> > There seems to be no relationship with cluster metadata availability or
> > staleness. Expiry is just based on the time since the batch has been
> ready.
> > Please correct me if I am wrong.
> >
>
> I was not very specific about where we do expiration. I glossed over some
> details because (again) we've other mechanisms to detect non progress. The
> condition (!muted.contains(tp) && (isMetadataStale ||
> > cluster.leaderFor(tp) == null)) is used in
> RecordAccumualtor.expiredBatches:
> https://github.com/apache/kafka/blob/trunk/clients/src/
> main/java/org/apache/kafka/clients/producer/internals/
> RecordAccumulator.java#L443
>
>
> Effectively, we expire in all the following cases
> 1) producer is partitioned from the brokers.
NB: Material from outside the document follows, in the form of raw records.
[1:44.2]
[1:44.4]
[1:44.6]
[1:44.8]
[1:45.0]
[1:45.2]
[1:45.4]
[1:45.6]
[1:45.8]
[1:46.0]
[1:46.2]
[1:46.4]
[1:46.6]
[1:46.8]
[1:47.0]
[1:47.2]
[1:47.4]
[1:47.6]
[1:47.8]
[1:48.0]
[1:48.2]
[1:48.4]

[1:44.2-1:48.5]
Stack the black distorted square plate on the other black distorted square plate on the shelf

When metadata age grows beyond
> 3x it's max value. It's safe to say that we're not talking to the brokers
> at all. Report.
> 2) fresh metadata && leader for a partition is not known && a batch is
> sitting there for longer than request.timeout.ms. This is one case we
> would
> like to improve and use batch.expiry.ms because request.timeout.ms is too
> small.
> 3) fresh metadata && leader for a partition is known && batch is sitting
> there for longer than batch.expiry.ms. This is a new case that is
> different
> from #2. This is the catch-up mode case. Things are moving too slowly.
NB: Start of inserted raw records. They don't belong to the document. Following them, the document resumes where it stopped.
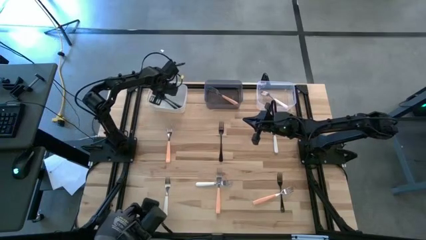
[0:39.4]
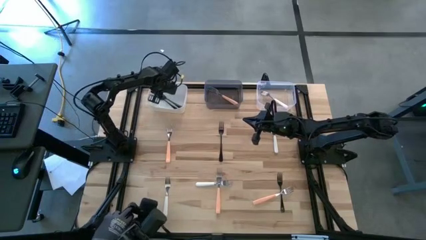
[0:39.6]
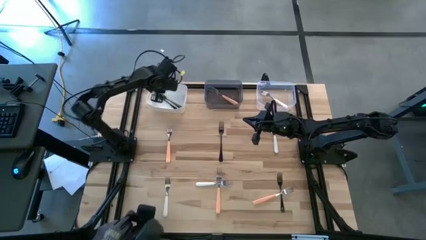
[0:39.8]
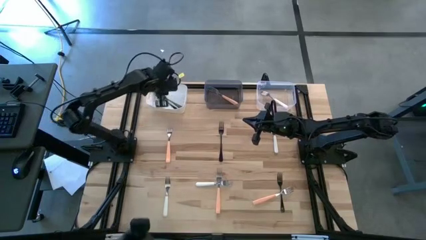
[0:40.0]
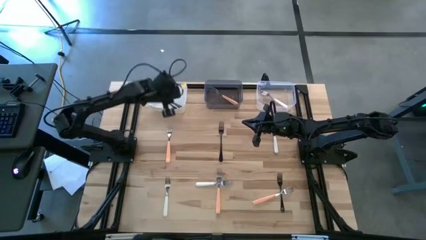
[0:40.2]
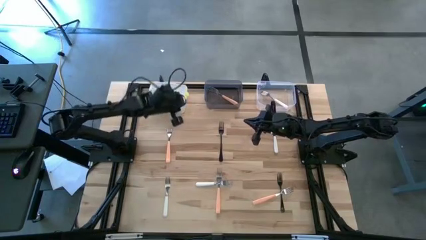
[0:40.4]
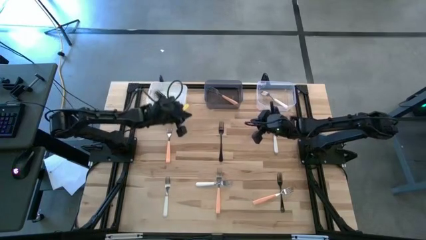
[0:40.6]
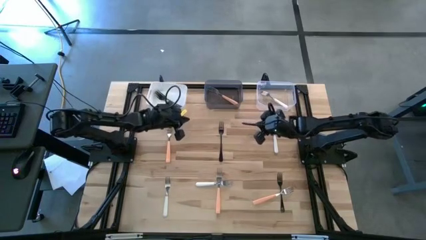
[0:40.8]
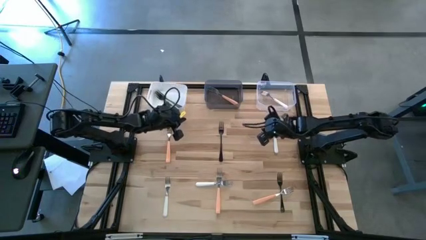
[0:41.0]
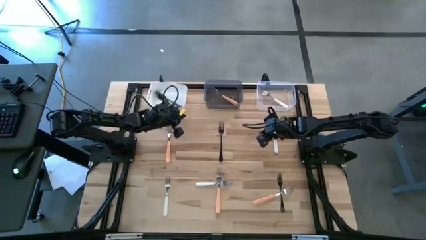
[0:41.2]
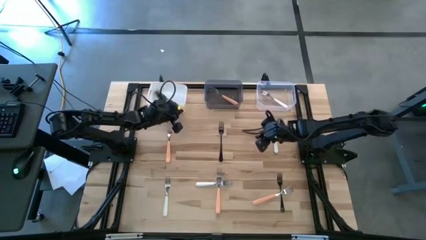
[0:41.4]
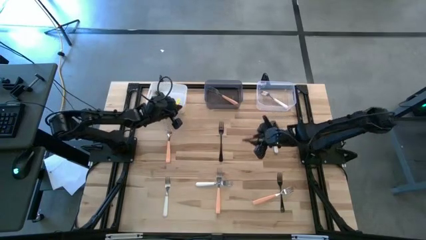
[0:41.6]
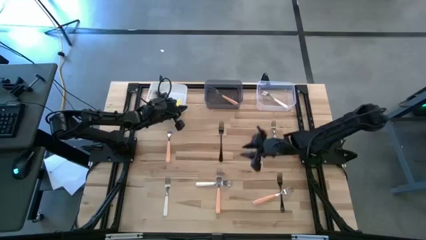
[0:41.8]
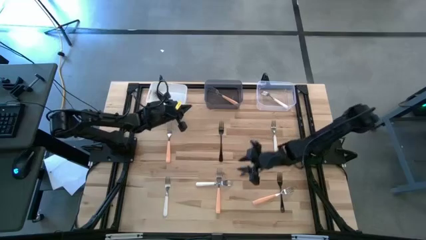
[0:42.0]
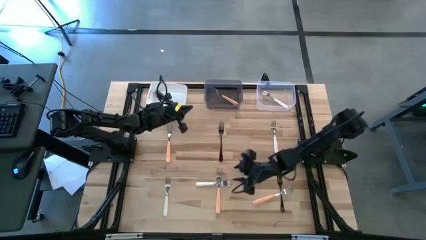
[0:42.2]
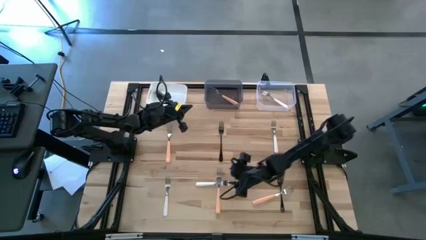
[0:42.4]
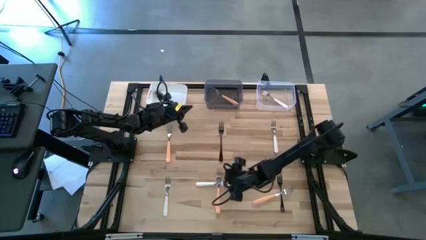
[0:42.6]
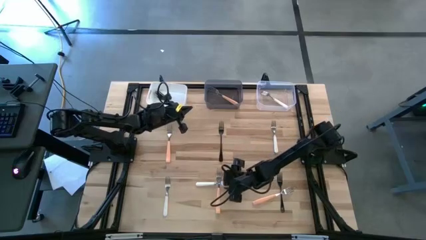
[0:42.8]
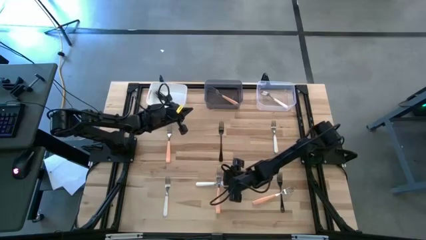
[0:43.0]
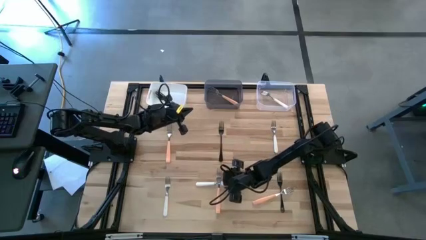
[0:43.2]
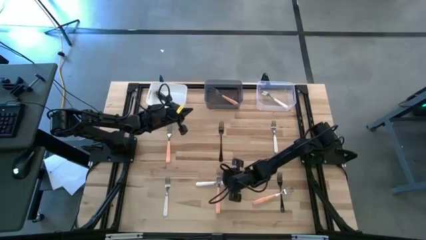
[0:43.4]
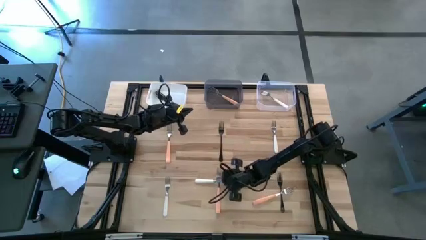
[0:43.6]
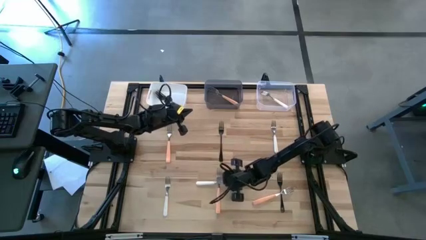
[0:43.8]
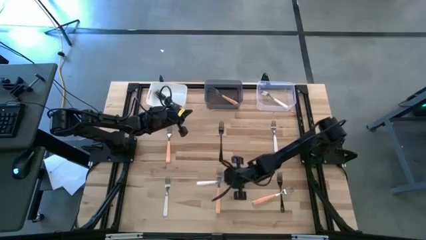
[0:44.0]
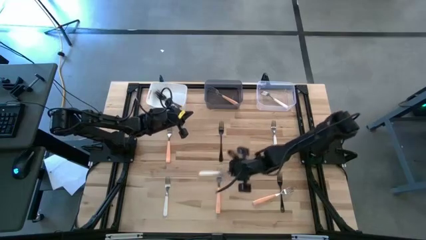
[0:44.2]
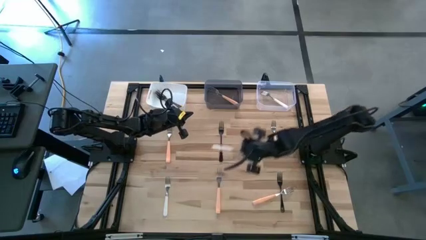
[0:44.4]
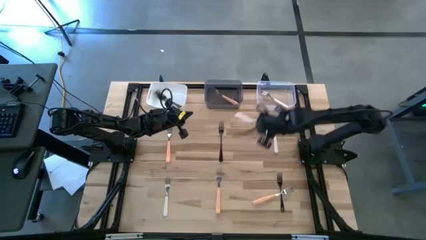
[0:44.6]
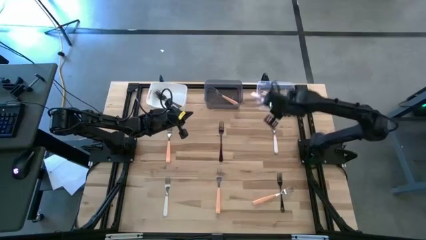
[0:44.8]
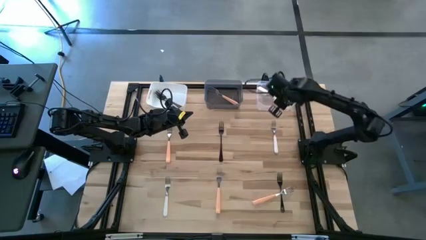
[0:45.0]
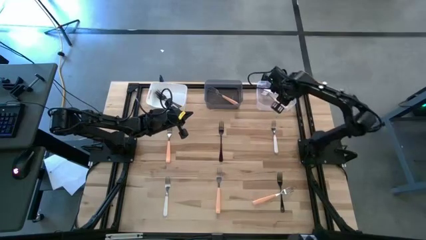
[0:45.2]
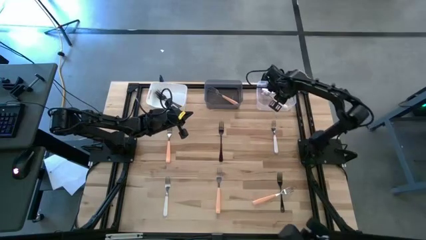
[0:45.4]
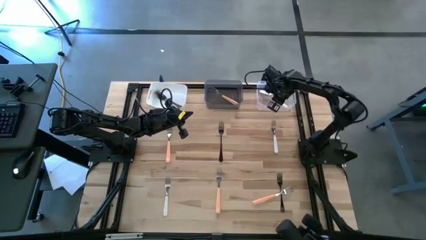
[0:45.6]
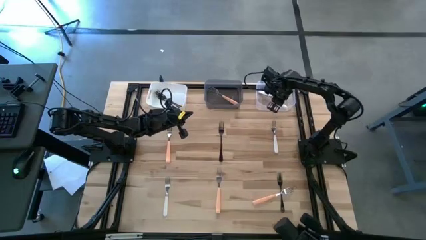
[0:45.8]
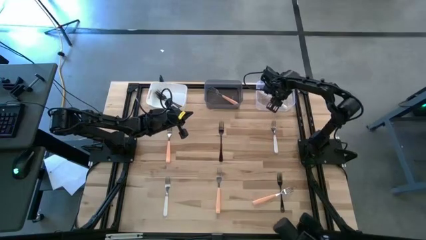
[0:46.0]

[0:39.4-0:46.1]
Task: Sort silverware by color (type)
Put the bottom right white fork into the transparent bin

> Pipeline SLAs are broken. Report and shutdown kmm.
>
> The second and the third cases are useful to a real-time app for a
> completely different reason. Report, forget about the batch, and just move
> on (without shutting down).
>
>
If I understand correctly, you are talking about a fork of apache kafka
which has these additional conditions? Because that check doesn't exist on
trunk today. Or are you proposing to change the behavior of expiry to
account for stale metadata and partitioned producers as part of this KIP?